The solution is a huge improvement; it turns exponential processing time into linear processing time. This is not the place for a rigorous proof, but just think about what the recursion does. We start by asking to Solve the whole capacity of the knapsack. But this calculation is immediately suspended while we Solve some smaller capacity. But this second calculation is suspended too, and so on. Finally, at the bottom of the recursion, we do an actual calculation for an actual (small) capacity, and memoize it. So the very first calculation we actually do is memoized, and furthermore this first calculation is for a small capacity, so there is a very good chance that it will be needed again — and when it is, the answer will be looked up, not calculated. Now generalize: All the smallest capacity values are the ones that are calculated and memoized first, so our efficiency is vastly increased right from the start. But what we’re doing is also vastly better than calculating a lookup table beforehand, because we waste no time calculating any capacity values that aren’t actually needed for this particular configuration of Things and initial capacity.

Recursive Memoizing Solution to Knapsack Problem

Function solve(capacity as integer) As integer
   dim t as thing
   dim bestThing as thing
   dim maxValue, total as integer
   dim remainingCapacity as integer
   if bestThingForCapacity(capacity) <> nil then
      return maxValueForCapacity(capacity)
   end
   for each t in shoebox
      remainingCapacity = capacity - t.size
      if remainingCapacity >= 0 then
         total = t.value + solve(remainingCapacity)
         if total > maxValue then
            maxValue = total
            bestThing = t 
         end
      end
   next
   maxValueForCapacity(capacity) = maxValue 
   bestThingForCapacity(capacity) = bestThing
   return maxValue
End Function

After the recursion ends, we can learn the solution as follows. Start with the capacity of the knapsack and look at the BestThingForCapacity for that capacity. That Thing is in the solution. Now subtract that Thing’s Size from the capacity, and look at the BestThingForCapacity for the remaining capacity. That Thing is in the solution too. And so on.
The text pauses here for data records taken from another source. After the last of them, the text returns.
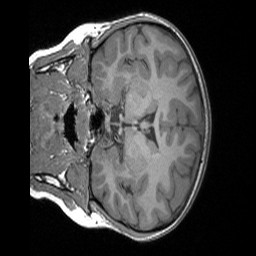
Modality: T1w
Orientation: coronal
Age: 8
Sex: female
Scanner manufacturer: siemens
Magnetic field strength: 3 T
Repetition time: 1.65 s
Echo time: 0.00203 s
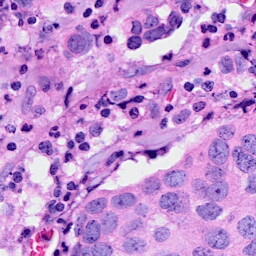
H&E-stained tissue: Breast
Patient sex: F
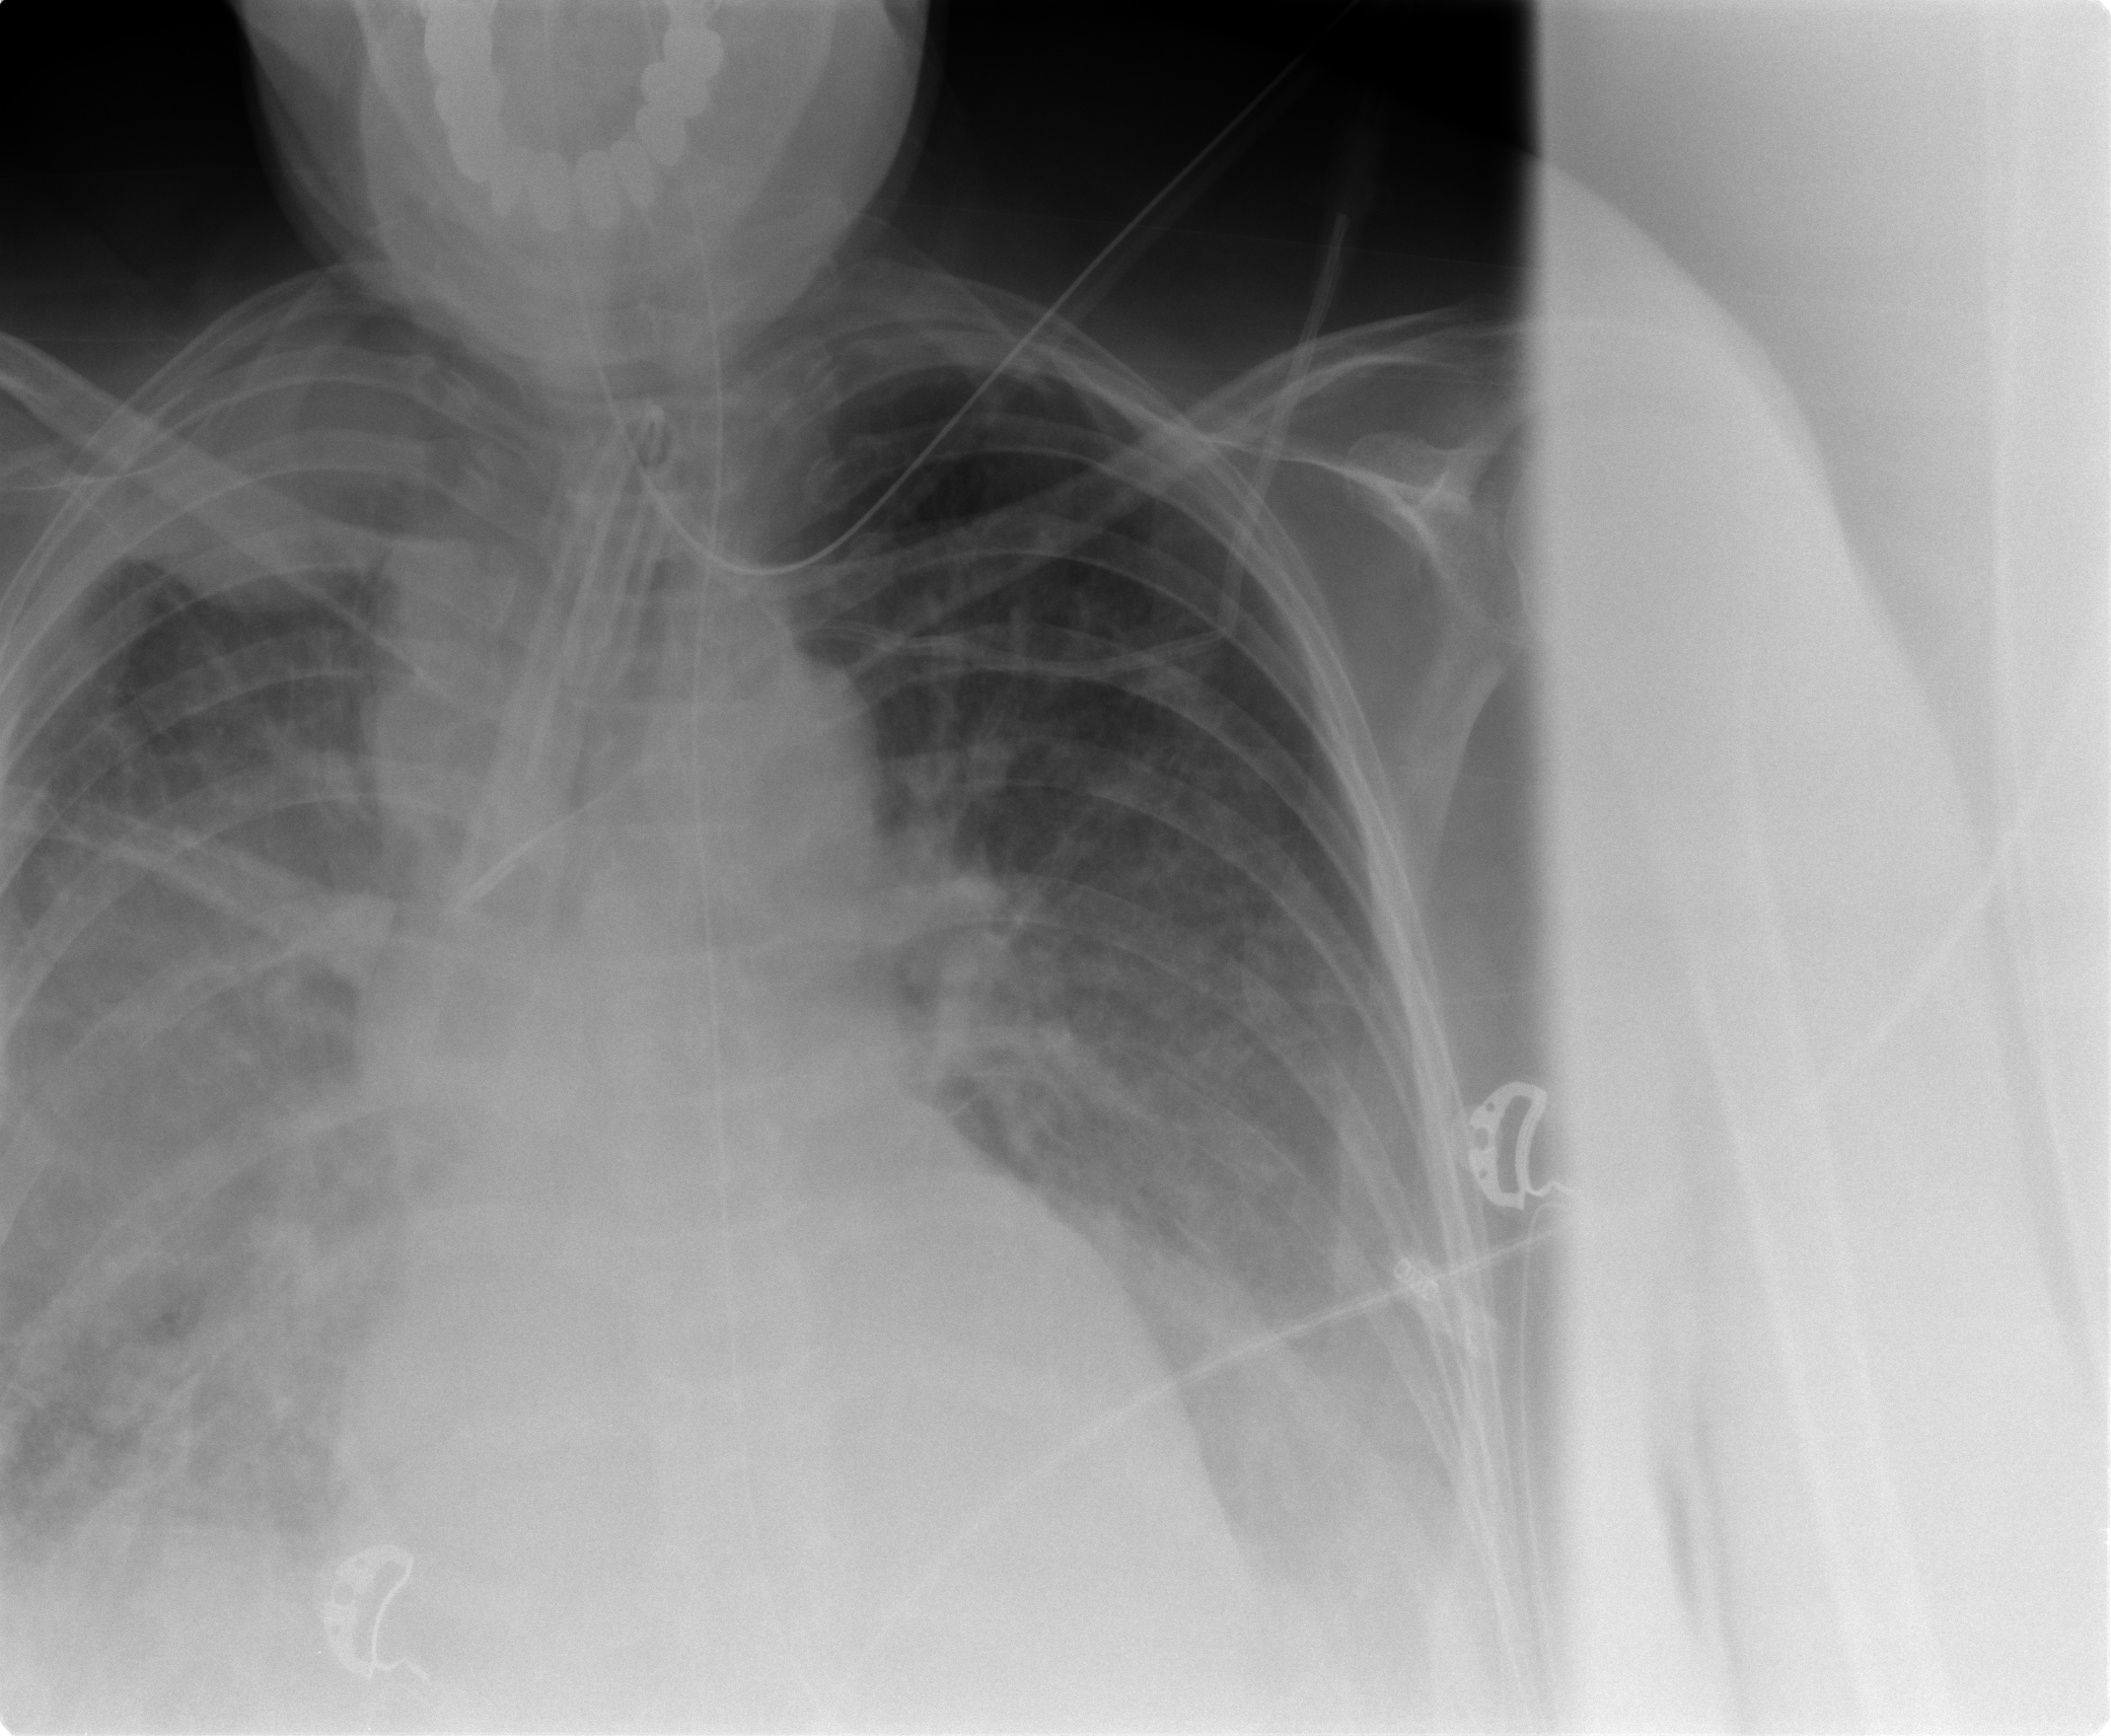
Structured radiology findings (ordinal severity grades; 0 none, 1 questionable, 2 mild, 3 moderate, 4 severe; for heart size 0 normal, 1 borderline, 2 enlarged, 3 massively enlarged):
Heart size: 0
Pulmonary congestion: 3
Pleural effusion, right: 3
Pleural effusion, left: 3
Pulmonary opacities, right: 2
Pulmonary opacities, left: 2
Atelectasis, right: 3
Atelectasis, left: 3
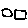
Label: square
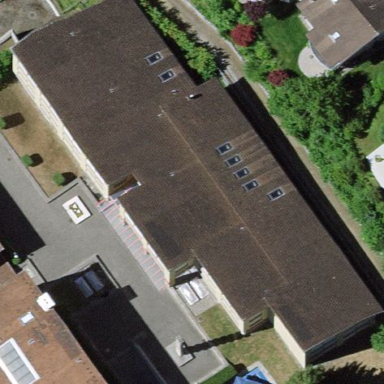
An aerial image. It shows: School building.
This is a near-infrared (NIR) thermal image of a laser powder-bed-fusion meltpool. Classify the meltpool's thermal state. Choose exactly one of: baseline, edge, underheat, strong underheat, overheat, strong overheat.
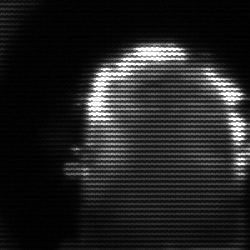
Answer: baseline
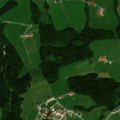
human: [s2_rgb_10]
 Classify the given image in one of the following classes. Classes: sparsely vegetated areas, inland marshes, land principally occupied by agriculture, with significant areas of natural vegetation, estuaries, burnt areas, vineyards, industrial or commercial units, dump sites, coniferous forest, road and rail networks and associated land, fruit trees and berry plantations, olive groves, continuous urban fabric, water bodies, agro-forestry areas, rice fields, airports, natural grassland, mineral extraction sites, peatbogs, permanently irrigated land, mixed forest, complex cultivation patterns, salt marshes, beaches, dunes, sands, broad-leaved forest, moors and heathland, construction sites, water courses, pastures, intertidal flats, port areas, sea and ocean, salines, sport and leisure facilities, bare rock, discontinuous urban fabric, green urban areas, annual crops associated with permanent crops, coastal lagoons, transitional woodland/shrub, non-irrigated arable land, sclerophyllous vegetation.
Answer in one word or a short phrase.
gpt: industrial or commercial units, pastures, land principally occupied by agriculture, with significant areas of natural vegetation, mixed forest
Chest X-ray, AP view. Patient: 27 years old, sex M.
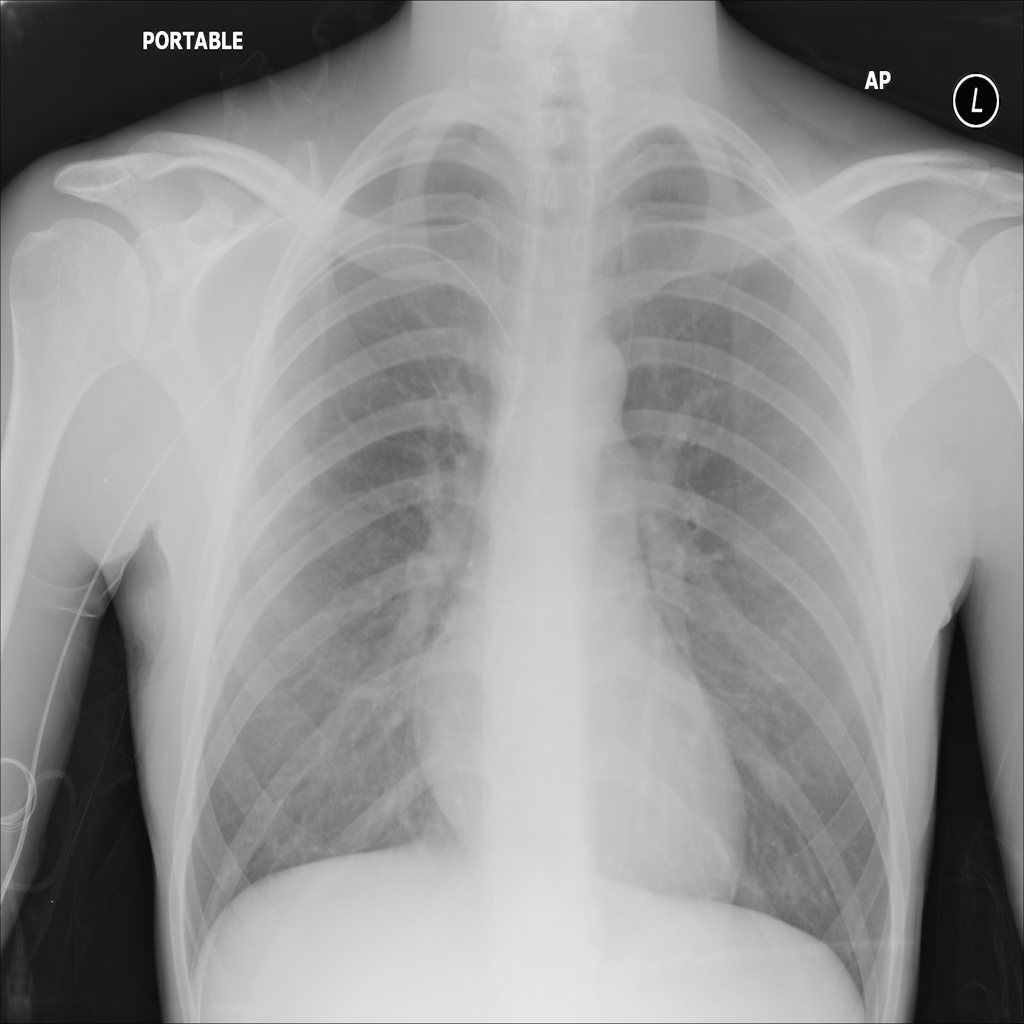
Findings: No Finding
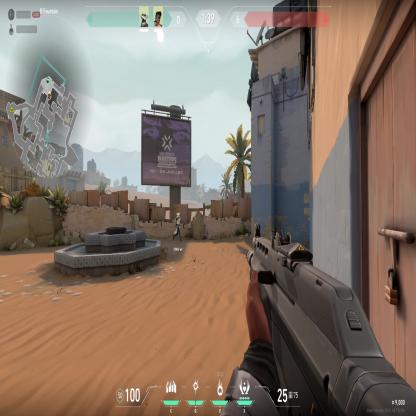
Label: teammate
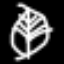
Label: leaf
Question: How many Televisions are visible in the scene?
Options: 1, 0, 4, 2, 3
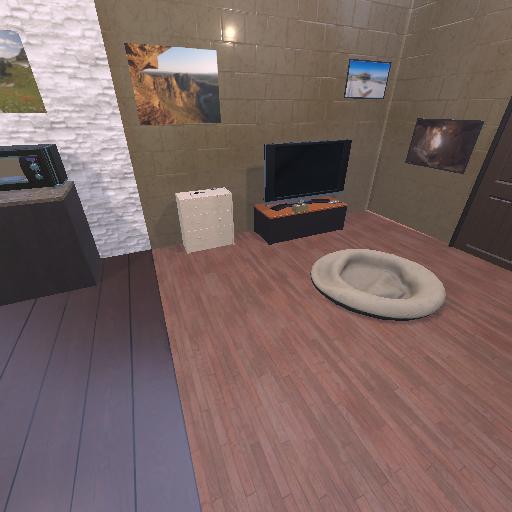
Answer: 1
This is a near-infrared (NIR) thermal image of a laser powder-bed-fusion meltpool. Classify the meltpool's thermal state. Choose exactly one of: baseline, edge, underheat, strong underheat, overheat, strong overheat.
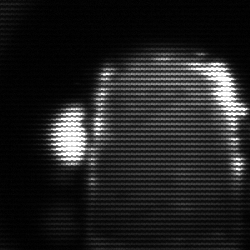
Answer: baseline
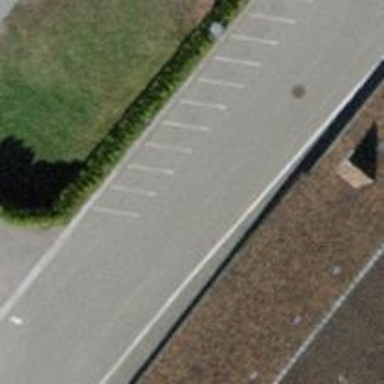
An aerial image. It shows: Motorcycle parking area.
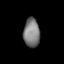
Tissue: lung
Cell type: Epithelial cells
Senescence score: 0.2211
Nuclear area (px): 463
Mean DAPI intensity: 122.959
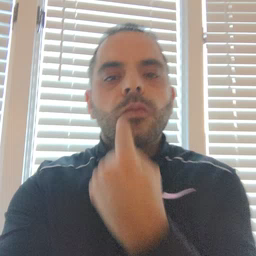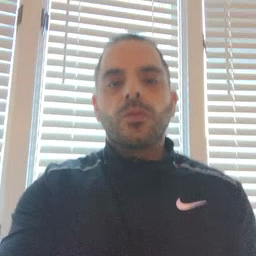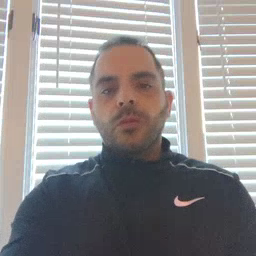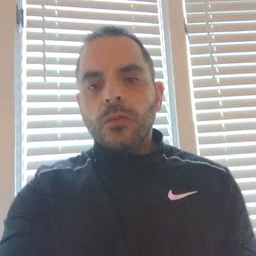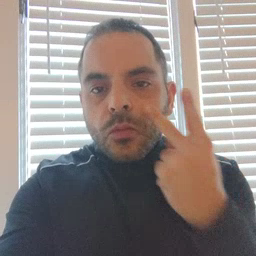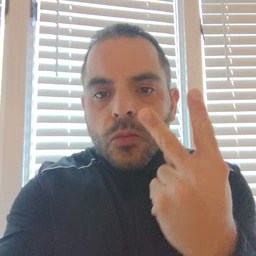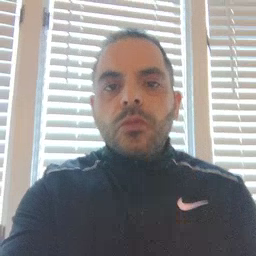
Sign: see
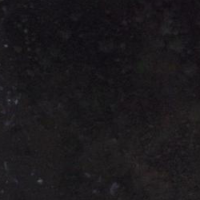
EUNIS habitat code: 44
Species observed at this site:
Juniperus communis
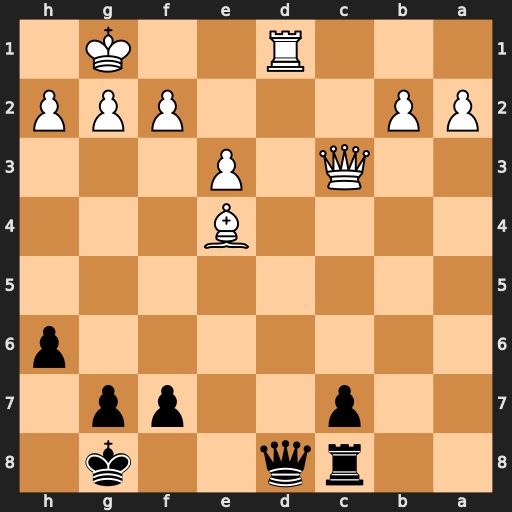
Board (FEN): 2rq2k1/2p2pp1/7p/8/4B3/2Q1P3/PP3PPP/3R2K1
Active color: b
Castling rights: -
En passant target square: -
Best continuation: Qxd1+ Qe1 Qxe1#
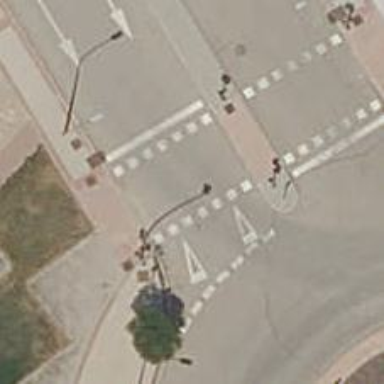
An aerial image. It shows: Uncontrolled road crossing.
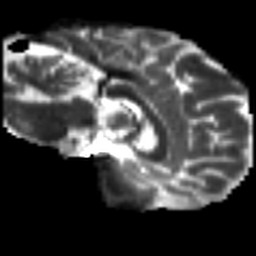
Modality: T2w
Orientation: sagittal
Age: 39
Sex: male
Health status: ill
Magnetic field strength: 3 T
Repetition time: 9 s
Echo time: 0.093 s
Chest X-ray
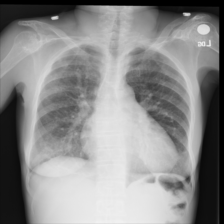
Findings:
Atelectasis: negative
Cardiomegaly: negative
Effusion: negative
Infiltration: negative
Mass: negative
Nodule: negative
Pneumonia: negative
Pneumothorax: negative
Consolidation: negative
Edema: negative
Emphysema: negative
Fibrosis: negative
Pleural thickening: negative
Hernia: negative
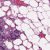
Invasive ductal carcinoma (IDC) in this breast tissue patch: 0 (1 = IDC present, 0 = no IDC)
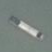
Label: civil
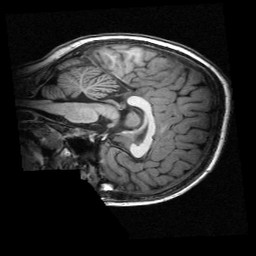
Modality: T1w
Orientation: sagittal
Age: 9
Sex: female
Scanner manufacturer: siemens
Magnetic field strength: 3 T
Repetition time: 2.3 s
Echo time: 0.00336 s
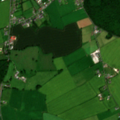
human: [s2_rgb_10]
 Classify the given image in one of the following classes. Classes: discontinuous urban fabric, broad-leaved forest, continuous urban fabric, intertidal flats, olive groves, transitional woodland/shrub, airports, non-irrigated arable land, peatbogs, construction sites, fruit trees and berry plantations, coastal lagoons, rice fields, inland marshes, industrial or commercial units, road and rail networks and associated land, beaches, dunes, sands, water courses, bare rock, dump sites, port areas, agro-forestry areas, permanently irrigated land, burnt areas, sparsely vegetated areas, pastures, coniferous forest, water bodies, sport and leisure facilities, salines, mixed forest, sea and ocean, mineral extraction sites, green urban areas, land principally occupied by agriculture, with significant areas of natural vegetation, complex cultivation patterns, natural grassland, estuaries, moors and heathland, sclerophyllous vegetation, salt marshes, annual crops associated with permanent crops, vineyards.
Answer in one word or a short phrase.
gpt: non-irrigated arable land, pastures, complex cultivation patterns, mixed forest
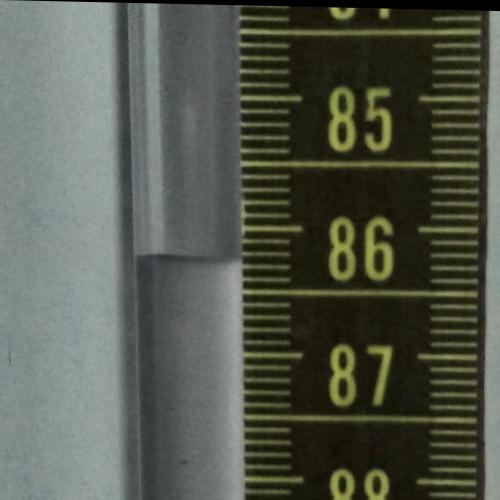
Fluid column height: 86.3 cm
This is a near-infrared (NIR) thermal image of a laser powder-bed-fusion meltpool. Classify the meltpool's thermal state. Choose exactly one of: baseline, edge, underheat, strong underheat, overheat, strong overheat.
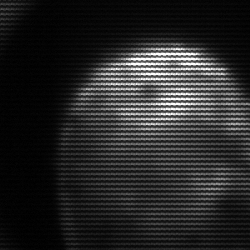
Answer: edge
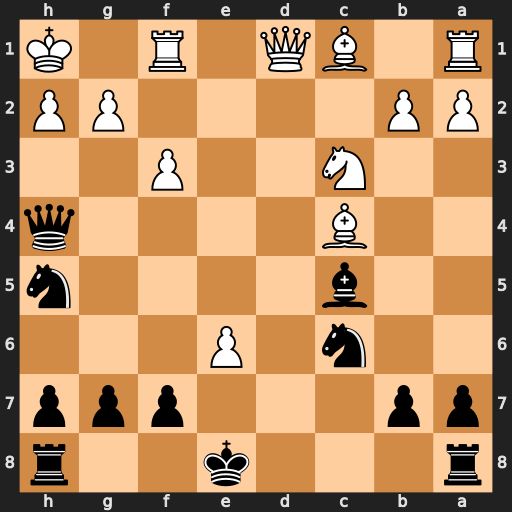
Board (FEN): r3k2r/pp3ppp/2n1P3/2b4n/2B4q/2N2P2/PP4PP/R1BQ1R1K
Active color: b
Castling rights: kq
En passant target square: -
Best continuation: Ng3#
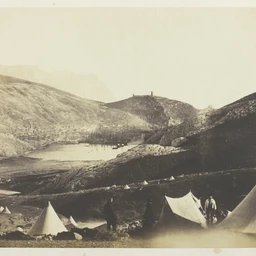
Title: Balaklava, from Guard's Hill
Artist: Roger Fenton
Caption: balaklava, from guard's hill, salted paper print, paper (fiber product), collected by hugh edwards, 19th century, photographic process, photography, crimea 1856, photograph, roger fenton, a work made of salted paper print, plate 15 from the album "photographs taken in the crimea" (1856), photography and media, roger fenton, photographs taken in the crimea (185, art institute of chicago
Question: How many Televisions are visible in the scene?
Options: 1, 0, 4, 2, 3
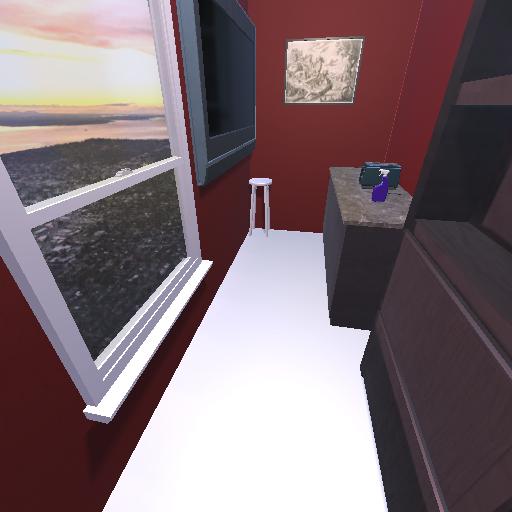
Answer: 1
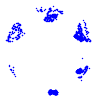
Particle: kaon
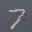
Label: 7

In these examples, the inputs were integers. That, of course, is what made it so easy to implement memoization by use of an array (because an array has integral indices). Memoization is harder if the inputs aren’t integers; it might, in fact, be impossible. But not necessarily! Remember, we learned about hashing in an earlier installment of this column. As long as the input values can be used as keys in hashing, we can use them to store and retrieve the corresponding outputs. Thus, you can often memoize using REALbasic’s Dictionary class even when you can’t use an array. Similarly, the fact that a function might have more than one input parameter is not necessarily any bar to the use of memoization, since you might be able to use a multi-dimensional array, or a Dictionary of Dictionaries.